Kitty pakt een doek. “Ik kom het één en ander oppoetsen.” Kitty poets voorzichtig over de randjes van de meubels.
“Jij bent geen poetsvrouw,” zegt de vrouw. “Je maakt er een bende van! Wat ben je ècht?”
“Ik ben een clown,” zegt Kitty, “en ik maak muziek voor oude en zieke mensen.”
“Aha,” zegt de vrouw. “Ik ben niet ziek”.
“En te jong,” zegt Kitty.
De vrouw grinnikt. “Ik ben al héél oud,” zegt ze en geeft Kitty een chocolaatje voor onderweg.
Kitty gaat het konijn halen.
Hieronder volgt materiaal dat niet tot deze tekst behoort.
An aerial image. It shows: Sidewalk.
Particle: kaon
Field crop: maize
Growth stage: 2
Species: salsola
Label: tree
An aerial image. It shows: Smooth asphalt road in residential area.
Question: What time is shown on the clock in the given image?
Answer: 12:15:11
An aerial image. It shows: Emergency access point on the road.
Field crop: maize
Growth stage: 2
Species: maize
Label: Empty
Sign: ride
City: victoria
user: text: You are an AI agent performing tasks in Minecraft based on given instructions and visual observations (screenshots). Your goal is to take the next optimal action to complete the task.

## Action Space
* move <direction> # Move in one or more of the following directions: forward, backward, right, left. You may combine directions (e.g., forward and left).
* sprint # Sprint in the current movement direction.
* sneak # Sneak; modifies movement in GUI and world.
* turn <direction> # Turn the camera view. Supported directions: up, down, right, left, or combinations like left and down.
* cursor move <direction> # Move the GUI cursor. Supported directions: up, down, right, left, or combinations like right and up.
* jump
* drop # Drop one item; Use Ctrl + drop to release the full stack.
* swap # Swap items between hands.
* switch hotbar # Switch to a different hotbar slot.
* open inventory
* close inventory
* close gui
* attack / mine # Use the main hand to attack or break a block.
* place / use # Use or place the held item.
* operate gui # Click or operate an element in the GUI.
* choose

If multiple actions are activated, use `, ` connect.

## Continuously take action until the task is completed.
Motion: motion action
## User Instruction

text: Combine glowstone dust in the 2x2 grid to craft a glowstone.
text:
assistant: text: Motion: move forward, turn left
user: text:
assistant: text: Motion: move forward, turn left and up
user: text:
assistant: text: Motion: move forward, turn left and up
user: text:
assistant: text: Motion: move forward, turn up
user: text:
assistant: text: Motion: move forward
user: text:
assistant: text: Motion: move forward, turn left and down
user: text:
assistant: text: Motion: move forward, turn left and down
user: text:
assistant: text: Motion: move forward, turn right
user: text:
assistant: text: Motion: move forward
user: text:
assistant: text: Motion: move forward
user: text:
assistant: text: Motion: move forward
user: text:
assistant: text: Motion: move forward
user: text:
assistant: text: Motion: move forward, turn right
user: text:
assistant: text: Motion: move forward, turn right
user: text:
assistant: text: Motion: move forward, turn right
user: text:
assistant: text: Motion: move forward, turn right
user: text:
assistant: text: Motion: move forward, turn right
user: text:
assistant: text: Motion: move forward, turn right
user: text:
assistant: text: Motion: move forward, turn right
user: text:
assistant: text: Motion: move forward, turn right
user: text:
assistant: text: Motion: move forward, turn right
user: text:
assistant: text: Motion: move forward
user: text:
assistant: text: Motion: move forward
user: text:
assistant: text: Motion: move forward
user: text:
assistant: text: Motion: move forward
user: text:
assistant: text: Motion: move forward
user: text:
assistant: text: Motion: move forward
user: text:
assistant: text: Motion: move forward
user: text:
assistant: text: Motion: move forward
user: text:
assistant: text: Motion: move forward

Het ligt in de armen van de vrouw.
“Zo klein en zó lief,” zegt de vrouw als Kitty vraagt hoe het was.
“Nu moet ‘ie maar naar bed,” zegt Kitty.
“Ga je dan mee naar zondagsschool?” vraagt de vrouw. “Daar vliegt de tijd.”
“Wat doen we daar voor leuks?” vraagt Kitty.
“Zingen,” zegt de vrouw. “Alleen doe ik dat niet. Het moet met anderen.”
“Leuk!” zegt Kitty. “En nu gaat de kleine slapen.”
“Geef ‘m maar een extra deken,” zegt de vrouw. “Het is zó koud!”
Koud
Bladwijzer de permalink.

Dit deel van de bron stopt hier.